ASSIGNMENT
Word for word, give the data again without its pictures.

STORED DATA
#####
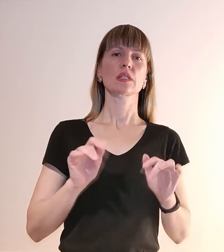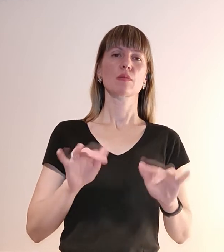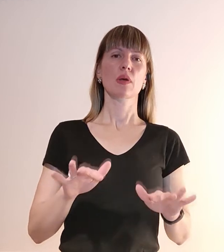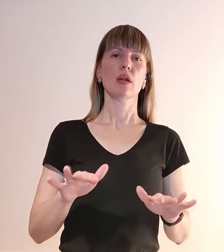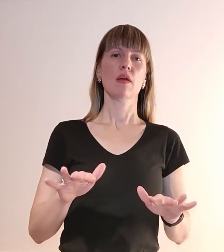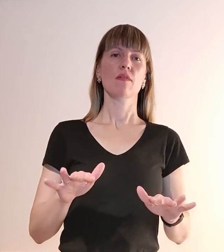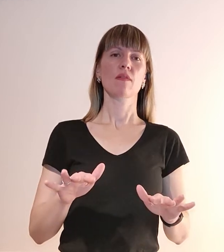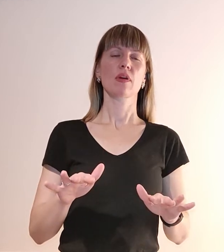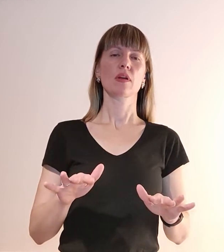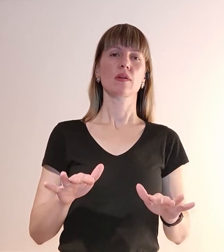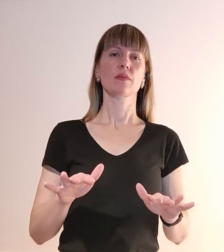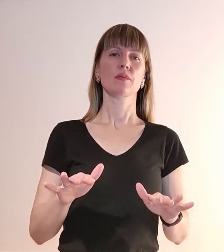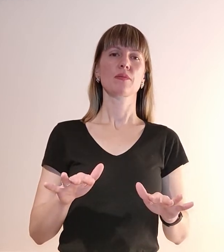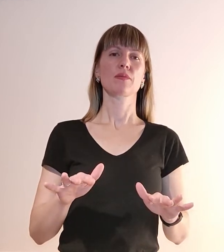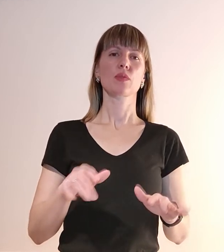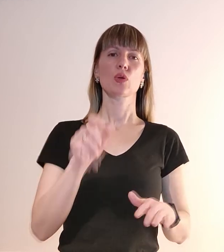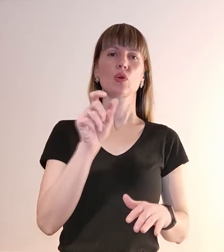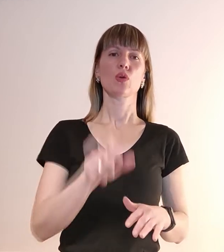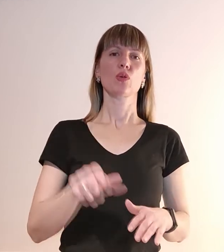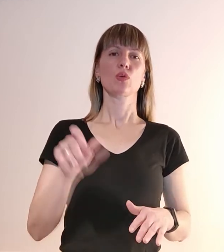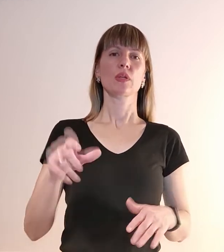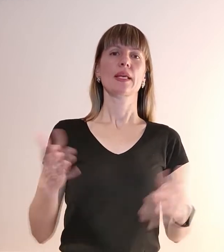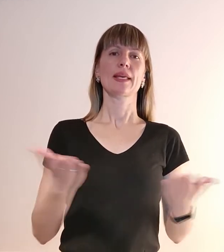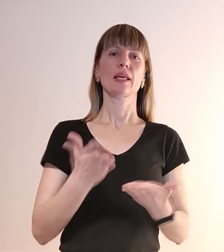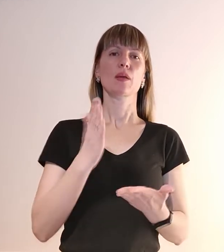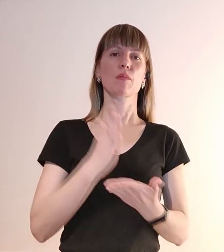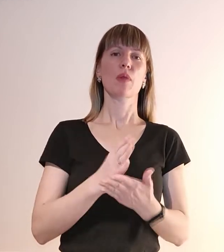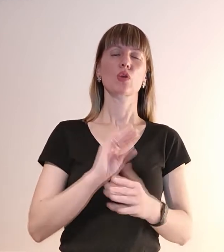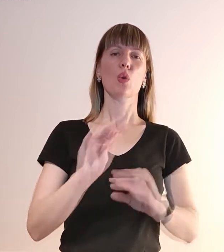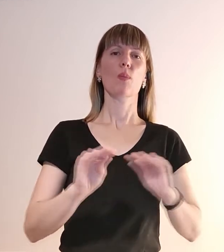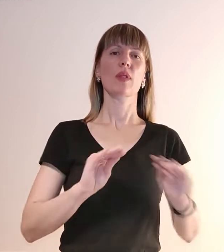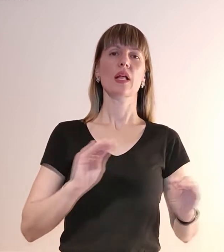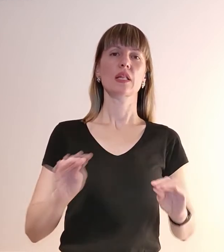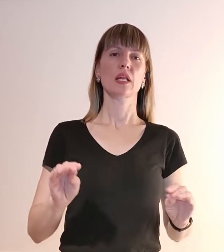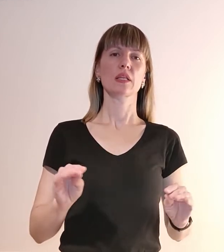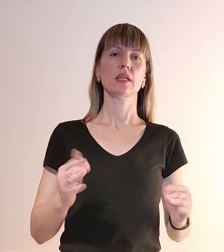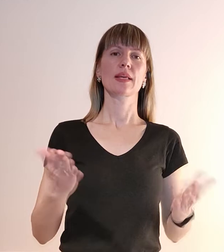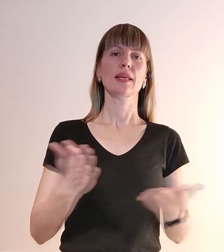людей, які мають обладнання, які мають
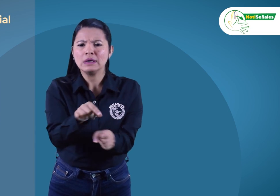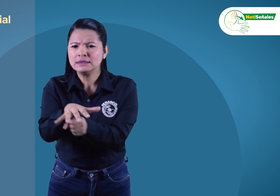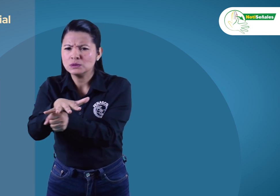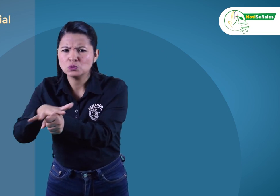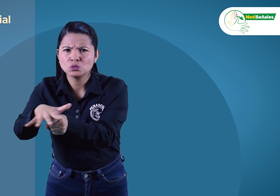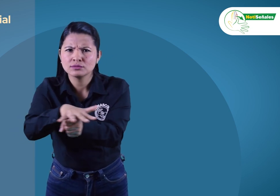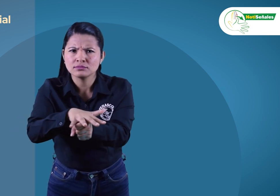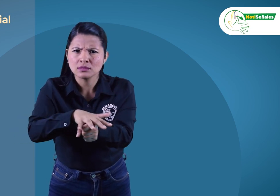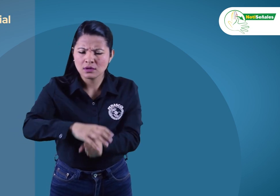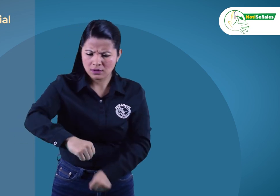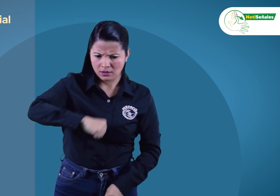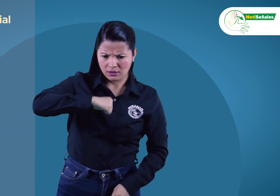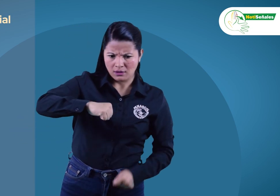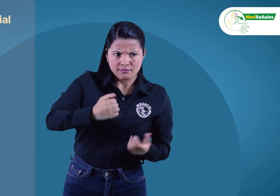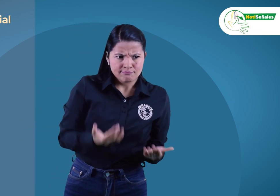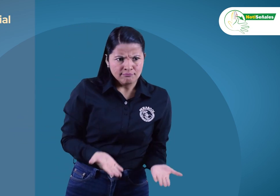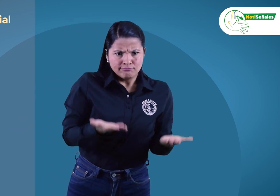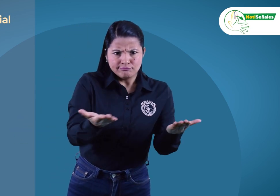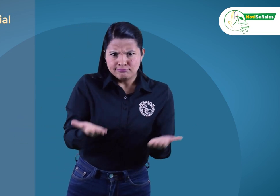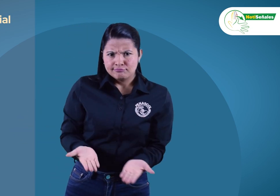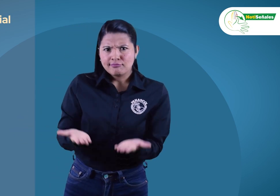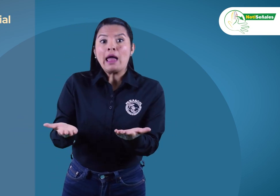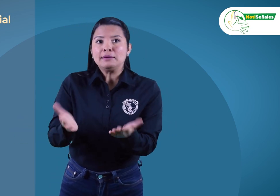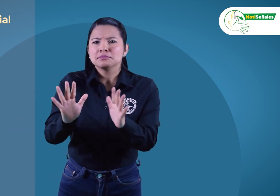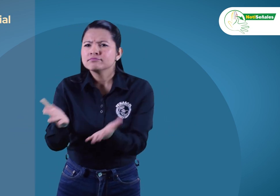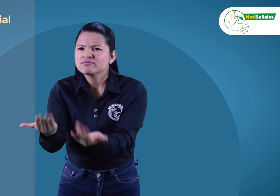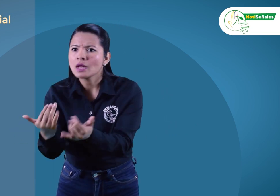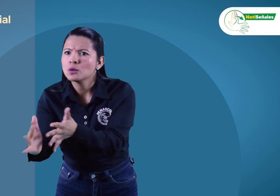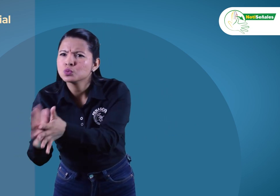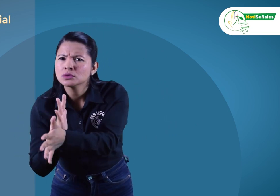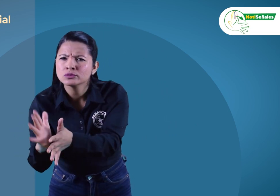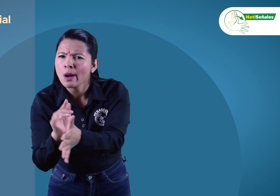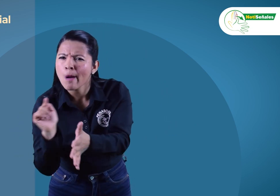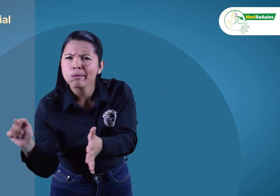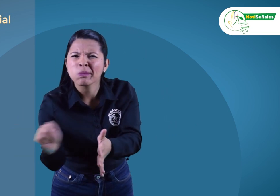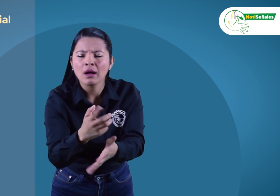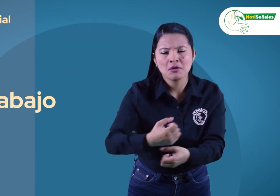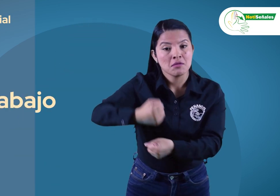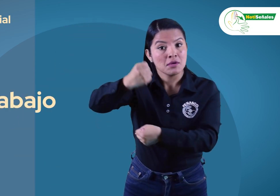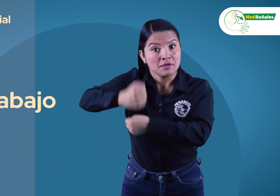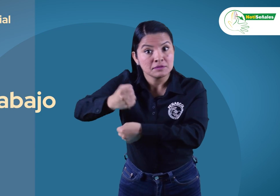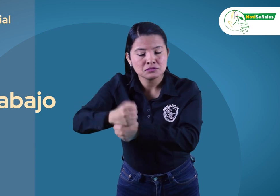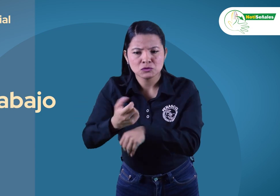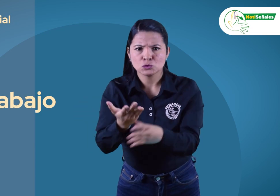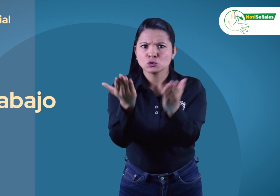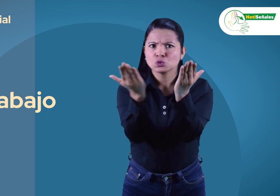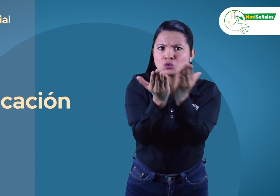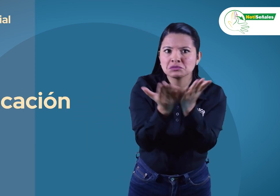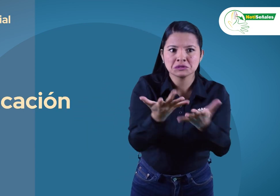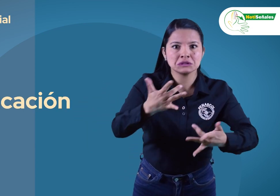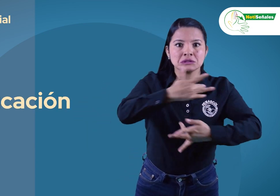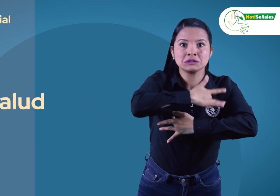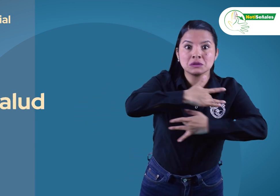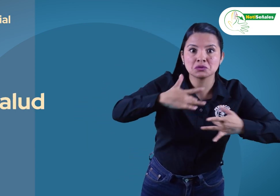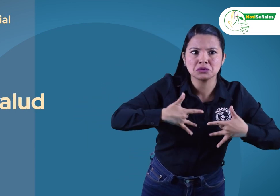Conocer la situación de las personas sordas en relación con sus derechos, trabajo, educación,
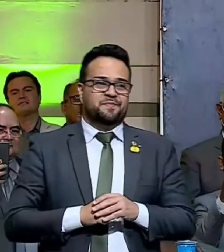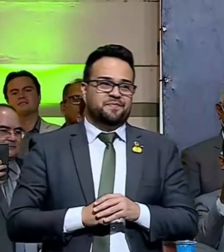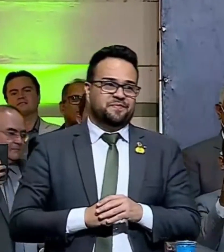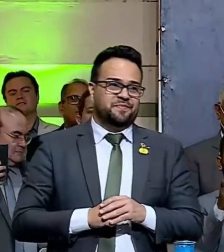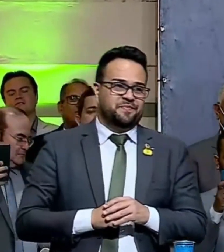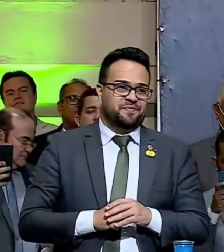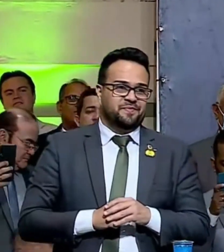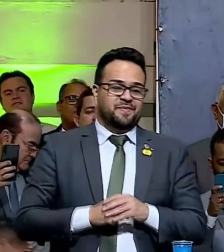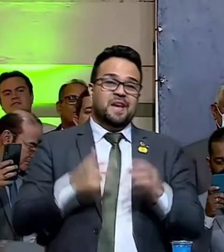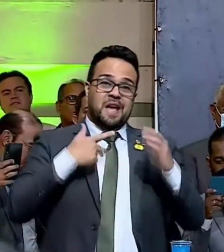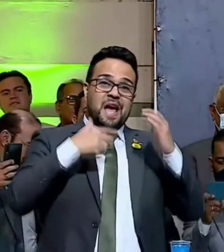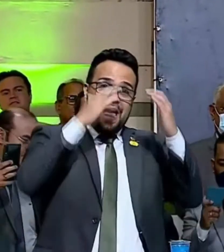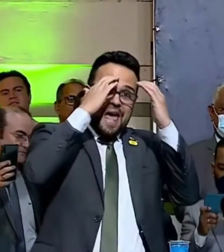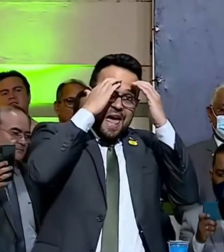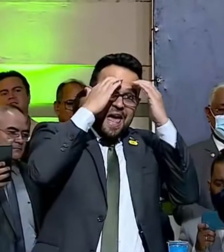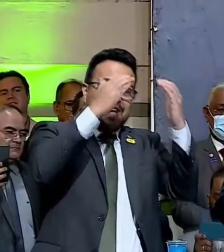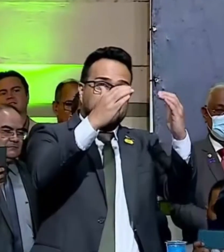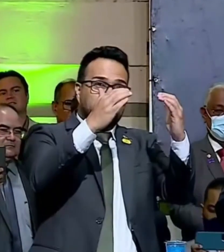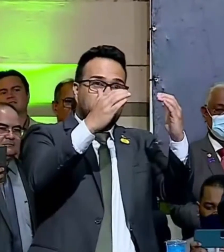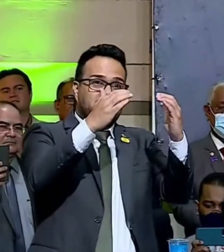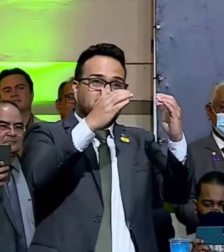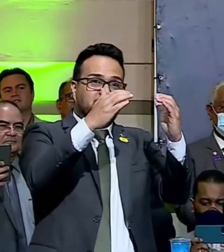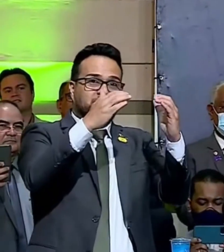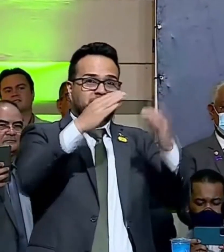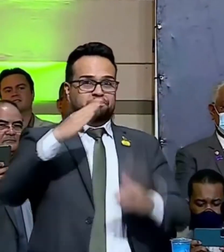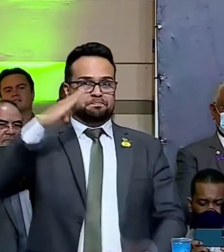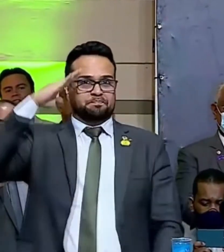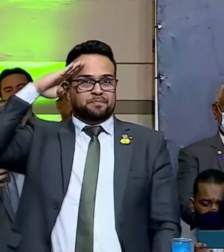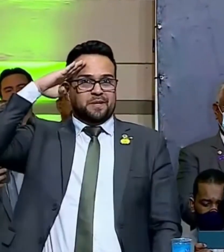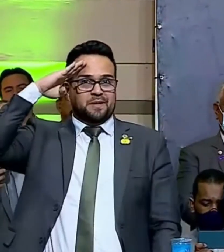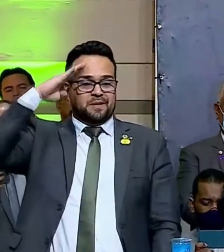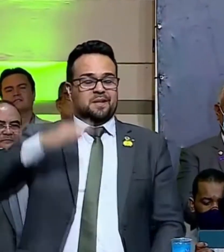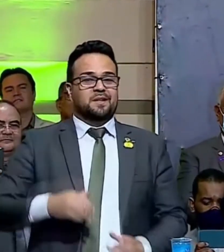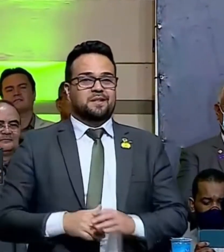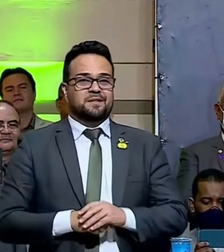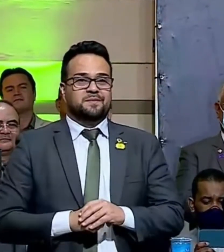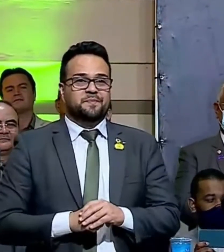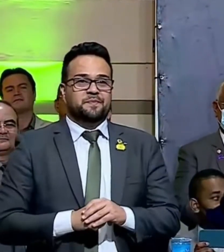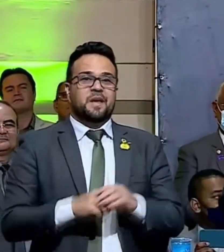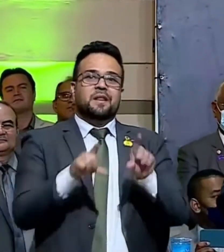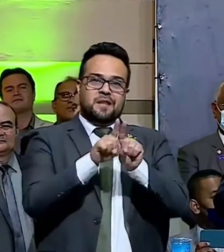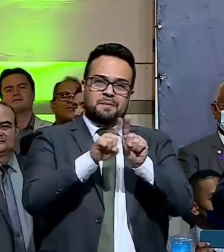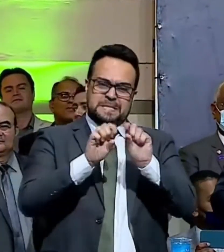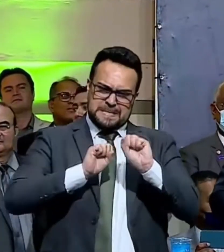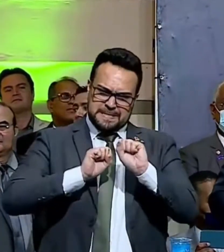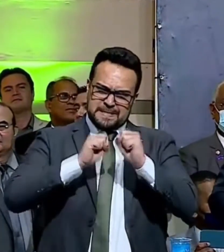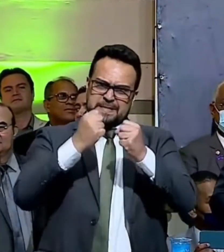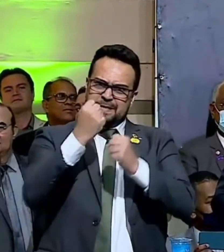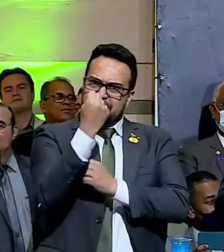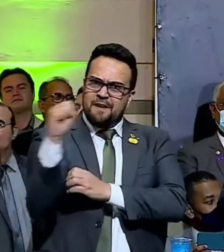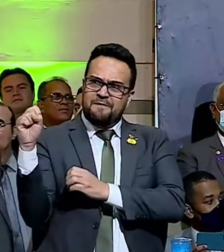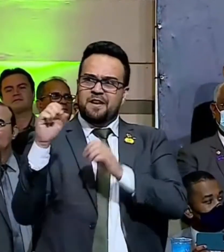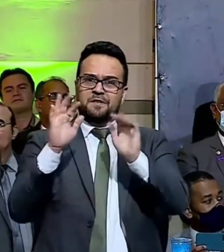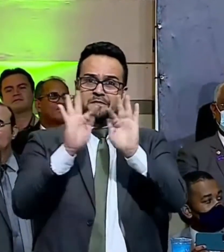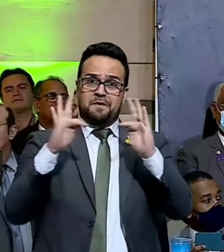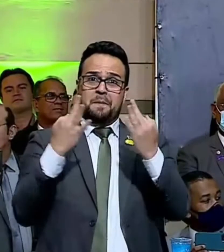que respeita seus militares, que defende a família
#####
OUTPUT FOR THIS TASK
людей, які мають обладнання, які мають
Conocer la situación de las personas sordas en relación con sus derechos, trabajo, educación,
que respeita seus militares, que defende a família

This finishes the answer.